First, I need closurebuilder.py to send the full list of files to the closure compiler. ...
In fact, the only solution I can see is having a FooLibrary.ExposeAPI JS file that #require's everything. Surely that can't be right?
You would need to specify an --root of your source folder and specify the namespaces of the leaf nodes of your file dependency tree. You may have better luck with the now deprecated CalcDeps.py script. I still use it for some projects.
What I can't do, apparently, is say "export FooLibrary.*". Wouldn't that make sense?
You can't do that because it only makes sense based on the final usage. You as the library writer wish to export everything, but perhaps a consumer of your library wishes to include the source (uncompiled) version and have more dead code elimination. Library authors are stuck in a kind of middle ground between SIMPLE and ADVANCED optimization levels.

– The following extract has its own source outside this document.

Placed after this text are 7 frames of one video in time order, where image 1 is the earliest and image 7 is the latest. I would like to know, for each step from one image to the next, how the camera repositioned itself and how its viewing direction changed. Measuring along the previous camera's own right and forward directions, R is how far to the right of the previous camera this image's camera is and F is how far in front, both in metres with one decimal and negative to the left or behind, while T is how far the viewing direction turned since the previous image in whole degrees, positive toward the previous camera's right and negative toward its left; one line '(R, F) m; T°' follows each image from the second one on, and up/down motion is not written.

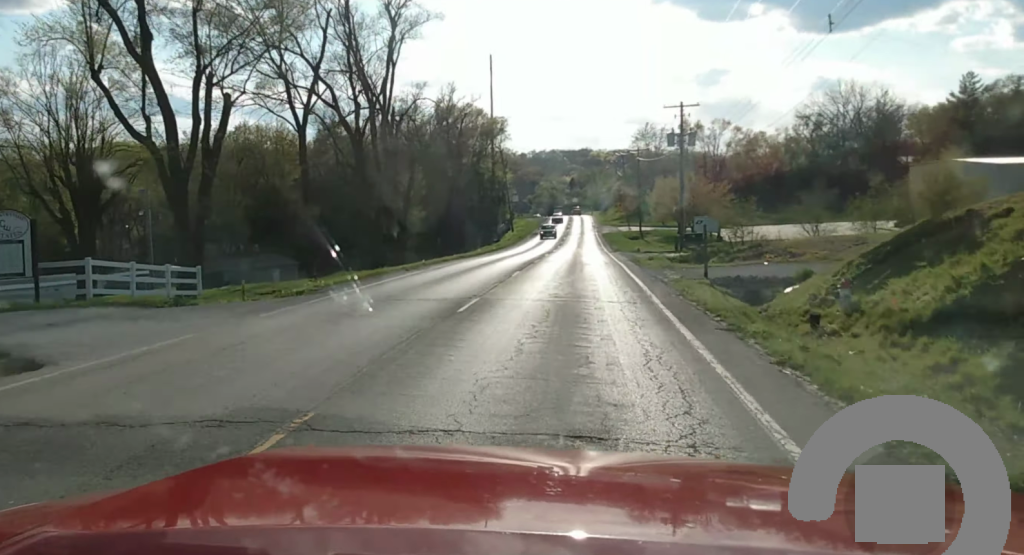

What I have done for this case is maintain a separate exports file for my namespace that exports everything. When compiling a standalone version of my library for distribution, the exports file is included in the compilation. However I can still include the library source (without the exports) into a project and get full dead code elimination. The work/payoff balance of this though must be weighed against just using SIMPLE_OPTIMIZATIONS for the standalone library.
My GeolocationMarker library has an example of this strategy.